Comparative Example 1 A developer was prepared in the same manner as in Example 1 except that a spherical ferrite not coated with a resin was used as a carrier, and a silica externally added toner was used. The image density was decreased as was repeated. In addition, the image was very dirty and dirty from the beginning. Further, the toner transfer efficiency was poor, and a large amount of untransferred toner was repaired.

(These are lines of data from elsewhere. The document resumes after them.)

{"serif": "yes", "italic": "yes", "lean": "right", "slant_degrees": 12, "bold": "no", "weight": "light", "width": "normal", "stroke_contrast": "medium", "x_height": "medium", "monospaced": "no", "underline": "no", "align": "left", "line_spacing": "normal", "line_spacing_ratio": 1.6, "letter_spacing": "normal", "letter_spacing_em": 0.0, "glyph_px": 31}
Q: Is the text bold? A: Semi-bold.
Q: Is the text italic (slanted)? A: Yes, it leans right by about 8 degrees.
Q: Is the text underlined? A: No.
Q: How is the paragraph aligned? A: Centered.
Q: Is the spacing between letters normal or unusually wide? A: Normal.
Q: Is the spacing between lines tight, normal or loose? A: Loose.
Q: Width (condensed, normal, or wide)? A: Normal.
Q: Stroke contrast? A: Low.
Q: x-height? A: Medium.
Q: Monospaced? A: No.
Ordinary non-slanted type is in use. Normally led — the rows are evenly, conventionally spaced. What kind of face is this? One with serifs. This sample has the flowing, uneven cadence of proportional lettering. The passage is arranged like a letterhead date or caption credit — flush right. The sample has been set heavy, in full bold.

Comparative Example 2 Commercially available carrier coated with silicone resin (core material is ferrite)
Was evaluated in the same manner as in Comparative Example 1 except that
The image density was almost good, but the image was slightly soiled with some fog. In addition, the amount of untransferred toner collected was slightly large, and the toner transfer efficiency was slightly poor.

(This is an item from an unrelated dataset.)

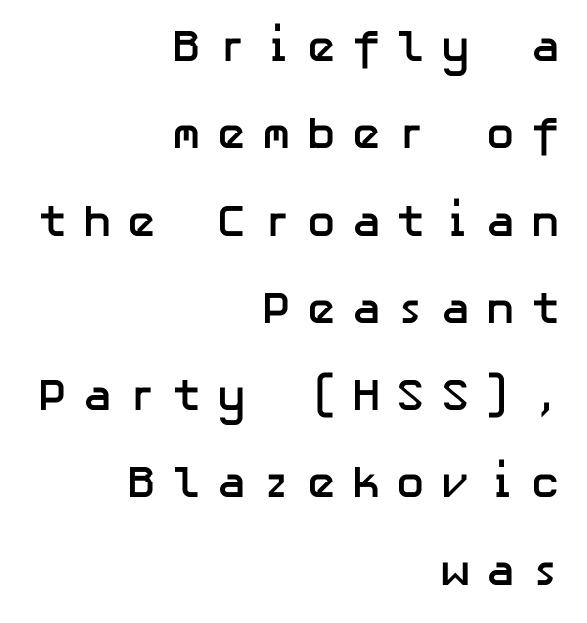
The rendering shows plain stroke endings on the letterforms — a sans-serif design. This rendering uses right alignment, leaving the left contour irregular. The line-height multiplier appears high, well above default. Caption: bold face, heavy strokes. Every stem runs plumb, perpendicular to the baseline. Plain, unruled lines of type.

─────────────────────────────────────────────────── --- Continuation of the front page (72) Inventor Hiroaki Yamaoka 1000 Kamoshida-cho, Midori-ku, Yokohama-shi, Kanagawa Mitsubishi Kasei Co., Ltd. (56) Reference JP 4-188159 (JP, A) Fields investigated (Int.Cl. ⁷ , DB name) G03G 9/113

Claims (5)

(57) [Claims] 1. A repeating unit represented by the following general formula [I], and a polymerization degree of 2 to by ring-opening polymerization of lactone compound
Having 200 molecular chains, one polymerizable vinyl group at one end
Isolated by the amount the resin composition containing a copolymer comprising repeating units derived from body, electrostatic image developing carrier, characterized in that formed by coating at least a portion of the core that have a. [Chemical 1] (R ¹ is a hydrogen atom or a methyl group, and Xa is an ionic residue having a cation group or an anion group.) 2. The repeating unit derived from the monomer according to claim 1 is a repeating unit represented by the following general formula [II] and / or a repeating unit represented by the following general formula [III]: The carrier for developing an electrostatic charge image according to claim 1, which is characterized in that. [Chemical 2] (In the formula, R ² is a divalent aliphatic hydrocarbon group, R ³ is a hydrogen atom or a methyl group, n is an integer of 2 to 200, and m is 1 to
It is an integer of 8. ) [Chemical 3] (In the formula, R ⁴ is an alkyl group or an aralkyl group, R ⁵ is a divalent aliphatic hydrocarbon group, and R ⁶ is Or —CO—, R ⁸ represents an alkyl group, a hydrogen atom or a halogen atom, a = 1 to an integer of 4, b = 1
Is an integer from 10 to 10 in R ⁶ A urethane bond is formed adjacent to —O—, R ⁷ is a hydrogen atom or a methyl group, and p is 2 to 200. ) 3. The copolymer according to claim 1, a repeating unit represented by the following general formula [IV] , and a lactone compound:
Characterized in that the have a molecular chain having a degree of polymerization of 2 to 200 by ring-opening polymerization, a copolymer comprising repeating units derived from a monomer that having a single polymerizable vinyl group at one end The carrier for developing an electrostatic charge image according to claim 1. [Chemical 6] (R ⁹ is a hydrogen atom or a methyl group, and Xb is a perfluoroalkyl group.) 4. The repeating unit derived from the monomer according to claim 3 is a repeating unit represented by the general formula [II] according to claim 2 and / or a general formula [III] according to claim 2.
A carrier for developing an electrostatic charge image, which is a repeating unit represented by: 5. A two-component developer comprising the carrier for developing an electrostatic charge image according to any one of claims 1 to 4 and a positively chargeable toner.